TASK REQUIREMENTS ▸ Output all entries precisely and leave out the pictures.
=== DATA EXCERPTS ===
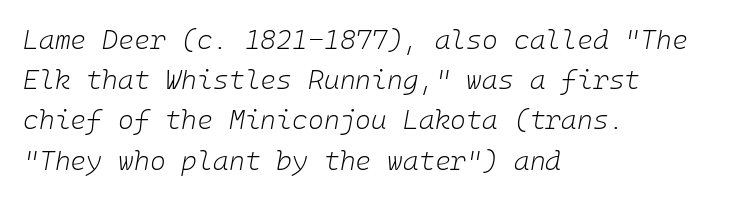
Q: Is the text bold? A: No.
Q: Is the text italic (slanted)? A: Yes, it leans right by about 10 degrees.
Q: Is the text underlined? A: No.
Q: How is the paragraph aligned? A: Left-aligned.
Q: Is the spacing between letters normal or unusually wide? A: Normal.
Q: Is the spacing between lines tight, normal or loose? A: Normal.
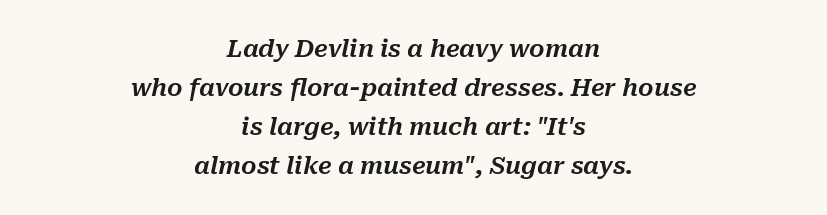
Q: Is the text italic (slanted)? A: Yes, it leans right by about 10 degrees.
Q: Is the text underlined? A: No.
Q: How is the paragraph aligned? A: Centered.
Q: Is the spacing between letters normal or unusually wide? A: Normal.
Q: Is the spacing between lines tight, normal or loose? A: Normal.
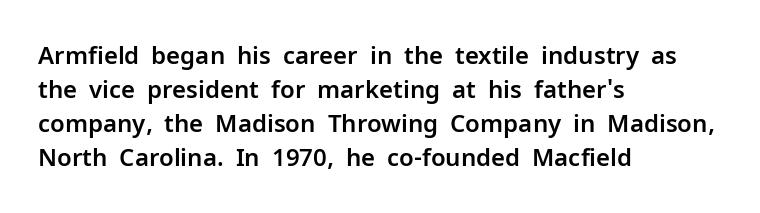
{"italic": "no", "underline": "no", "align": "left", "line_spacing": "normal", "line_spacing_ratio": 1.42, "letter_spacing": "normal", "letter_spacing_em": 0.0, "glyph_px": 24}
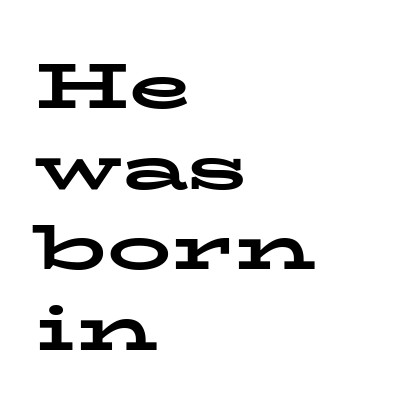
Q: Is the text bold? A: Yes.
Q: Is the text italic (slanted)? A: No, it is upright.
Q: Is the typeface a serif or a sans-serif typeface? A: Serif.
Q: Is the text underlined? A: No.
Q: How is the paragraph aligned? A: Left-aligned.
Q: Is the spacing between letters normal or unusually wide? A: Normal.
Q: Is the spacing between lines tight, normal or loose? A: Normal.
Q: Width (condensed, normal, or wide)? A: Wide.
Q: Stroke contrast? A: Low.
Q: x-height? A: Medium.
Q: Monospaced? A: No.
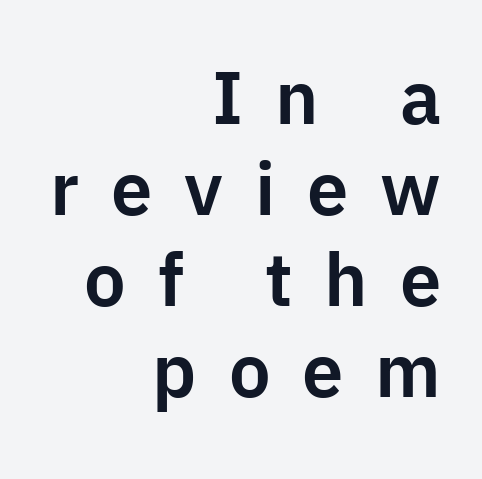
{"serif": "no", "italic": "no", "width": "normal", "stroke_contrast": "low", "x_height": "medium", "monospaced": "no", "underline": "no", "align": "right", "line_spacing_ratio": 1.23, "letter_spacing": "wide", "letter_spacing_em": 0.43, "glyph_px": 74}
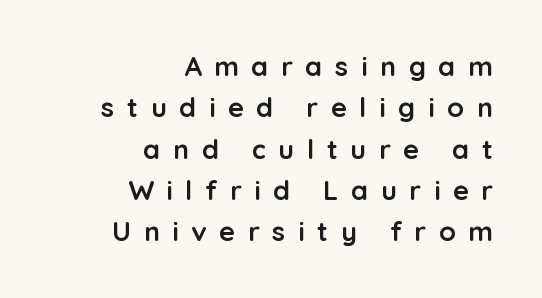
The lines sit at an ordinary, default distance from one another. Letters rest on an invisible, unmarked baseline. Strokes here are thick enough to call this a true bold. Ordinary non-slanted type is in use. Where is the straight margin? On the right.
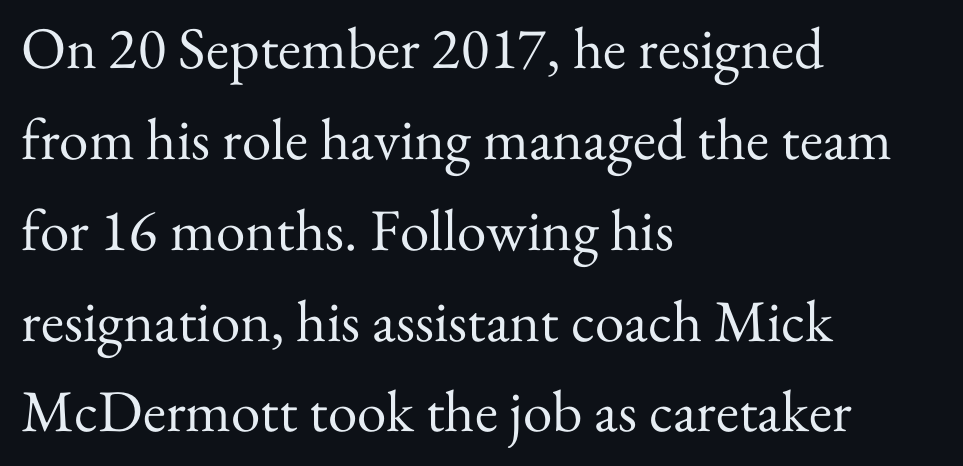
===
RESPONSE ▸
Q: Is the text bold? A: No.
Q: Is the text italic (slanted)? A: Yes, it leans right by about 10 degrees.
Q: Is the text underlined? A: No.
Q: How is the paragraph aligned? A: Left-aligned.
Q: Is the spacing between letters normal or unusually wide? A: Normal.
Q: Is the spacing between lines tight, normal or loose? A: Normal.
Q: Is the text italic (slanted)? A: Yes, it leans right by about 10 degrees.
Q: Is the text underlined? A: No.
Q: How is the paragraph aligned? A: Centered.
Q: Is the spacing between letters normal or unusually wide? A: Normal.
Q: Is the spacing between lines tight, normal or loose? A: Normal.
{"italic": "no", "underline": "no", "align": "left", "line_spacing": "normal", "line_spacing_ratio": 1.42, "letter_spacing": "normal", "letter_spacing_em": 0.0, "glyph_px": 24}
Q: Is the text bold? A: Yes.
Q: Is the text italic (slanted)? A: No, it is upright.
Q: Is the typeface a serif or a sans-serif typeface? A: Serif.
Q: Is the text underlined? A: No.
Q: How is the paragraph aligned? A: Left-aligned.
Q: Is the spacing between letters normal or unusually wide? A: Normal.
Q: Is the spacing between lines tight, normal or loose? A: Normal.
Q: Width (condensed, normal, or wide)? A: Wide.
Q: Stroke contrast? A: Low.
Q: x-height? A: Medium.
Q: Monospaced? A: No.
{"serif": "no", "italic": "no", "width": "normal", "stroke_contrast": "low", "x_height": "medium", "monospaced": "no", "underline": "no", "align": "right", "line_spacing_ratio": 1.23, "letter_spacing": "wide", "letter_spacing_em": 0.43, "glyph_px": 74}
The lines sit at an ordinary, default distance from one another. Letters rest on an invisible, unmarked baseline. Strokes here are thick enough to call this a true bold. Ordinary non-slanted type is in use. Where is the straight margin? On the right.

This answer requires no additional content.